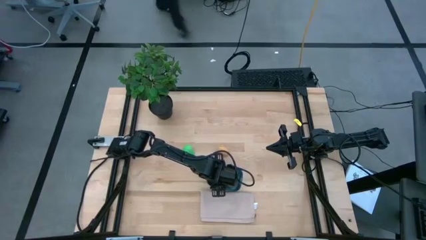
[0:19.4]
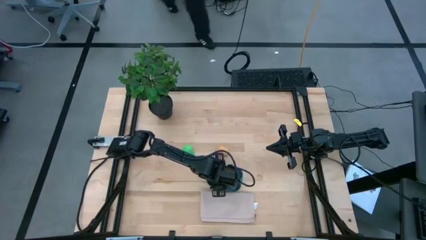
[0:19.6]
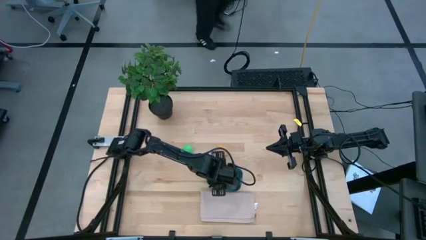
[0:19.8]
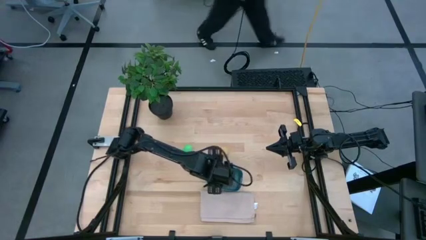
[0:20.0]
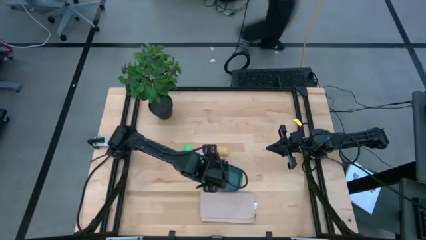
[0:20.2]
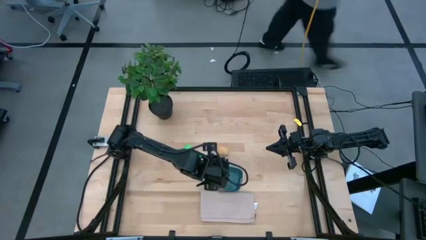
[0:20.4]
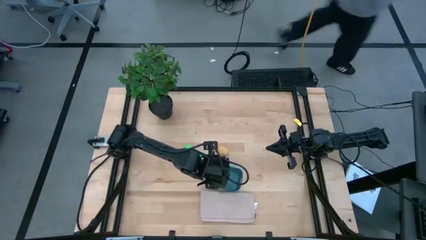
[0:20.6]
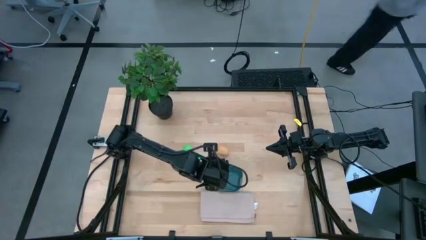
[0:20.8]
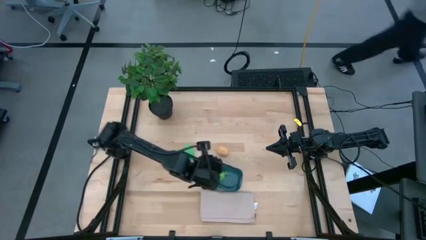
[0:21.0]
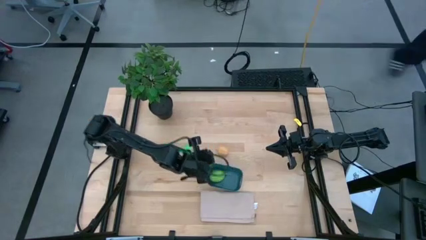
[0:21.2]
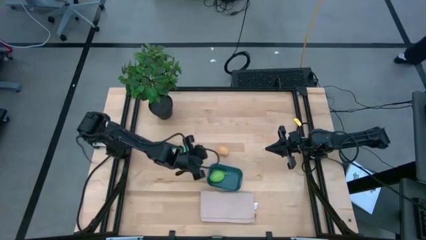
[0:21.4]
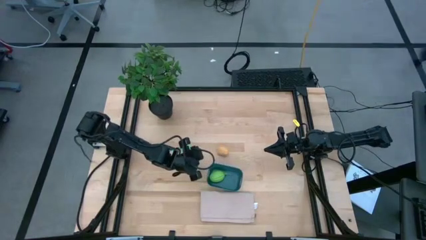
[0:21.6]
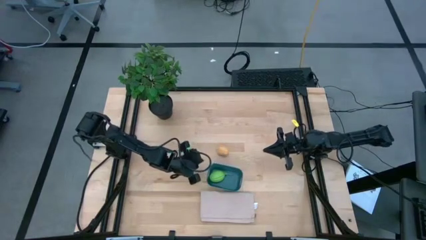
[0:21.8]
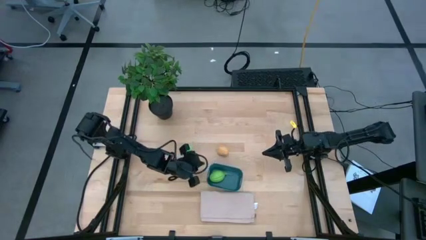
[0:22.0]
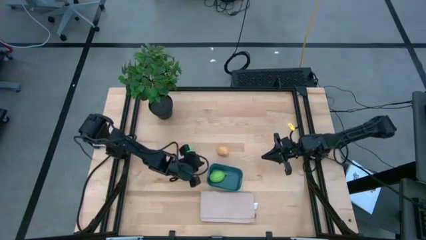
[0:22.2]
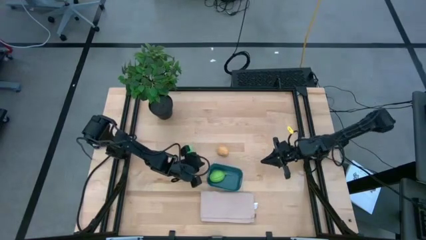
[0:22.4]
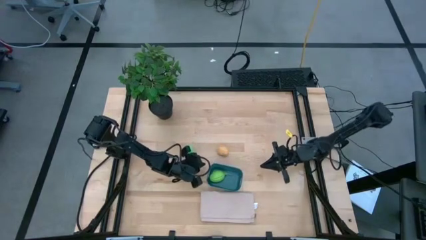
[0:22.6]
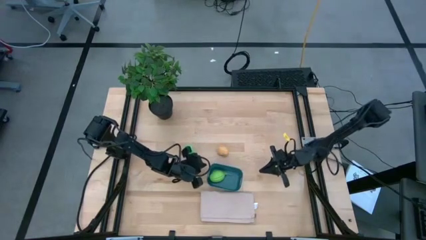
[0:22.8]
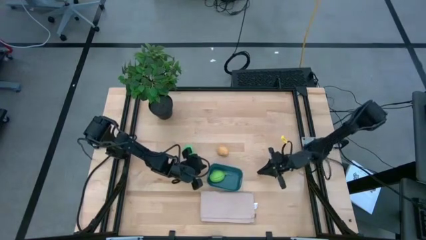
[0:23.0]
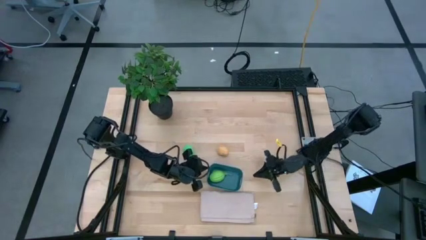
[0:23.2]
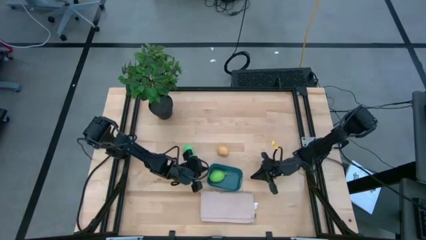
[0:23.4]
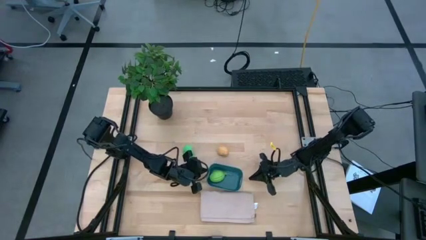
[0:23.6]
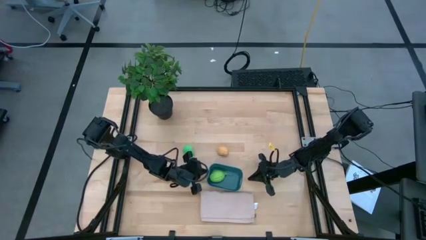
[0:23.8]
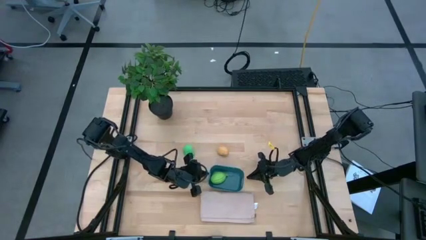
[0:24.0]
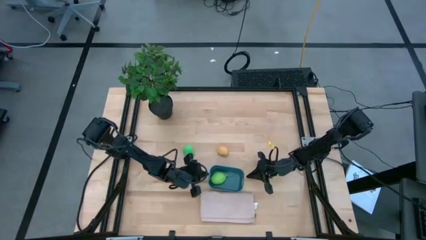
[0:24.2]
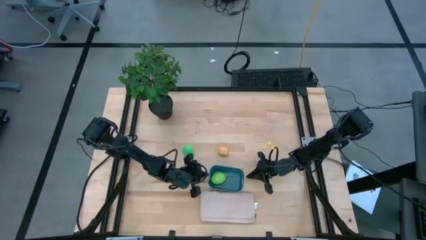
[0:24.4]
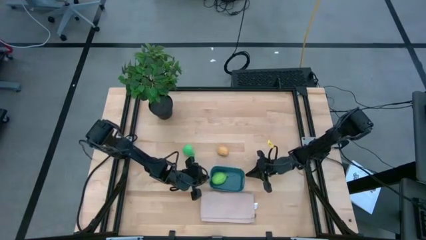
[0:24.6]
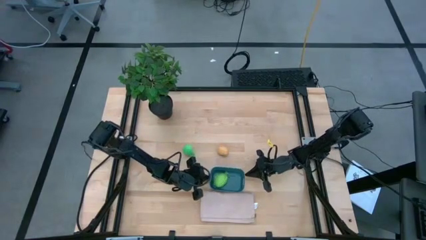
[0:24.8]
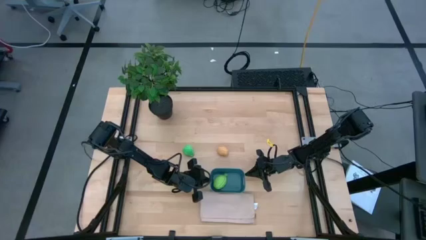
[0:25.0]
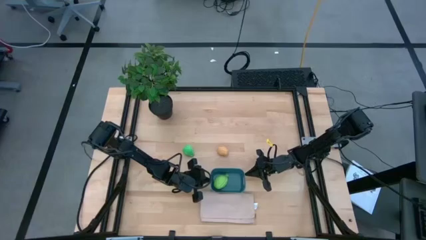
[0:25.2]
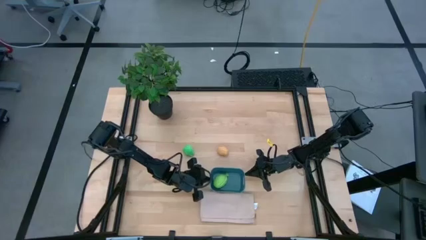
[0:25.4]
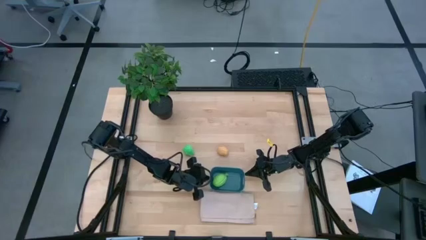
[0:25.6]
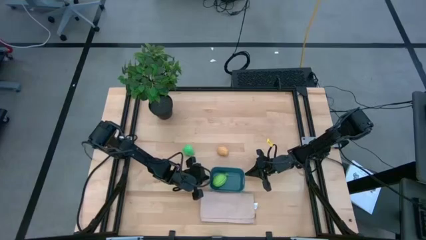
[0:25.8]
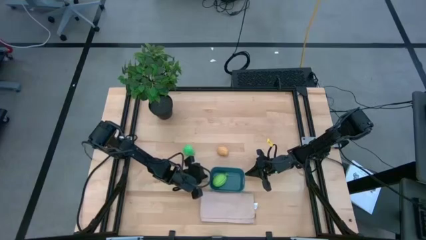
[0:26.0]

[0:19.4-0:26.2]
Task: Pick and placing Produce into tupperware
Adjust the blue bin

--------

#### What is required:
Reproduce every entry word for word, but omit the pictures.

#### Exercise solution:
[0:19.4]
[0:19.6]
[0:19.8]
[0:20.0]
[0:20.2]
[0:20.4]
[0:20.6]
[0:20.8]
[0:21.0]
[0:21.2]
[0:21.4]
[0:21.6]
[0:21.8]
[0:22.0]
[0:22.2]
[0:22.4]
[0:22.6]
[0:22.8]
[0:23.0]
[0:23.2]
[0:23.4]
[0:23.6]
[0:23.8]
[0:24.0]
[0:24.2]
[0:24.4]
[0:24.6]
[0:24.8]
[0:25.0]
[0:25.2]
[0:25.4]
[0:25.6]
[0:25.8]
[0:26.0]

[0:19.4-0:26.2]
Task: Pick and placing Produce into tupperware
Adjust the blue bin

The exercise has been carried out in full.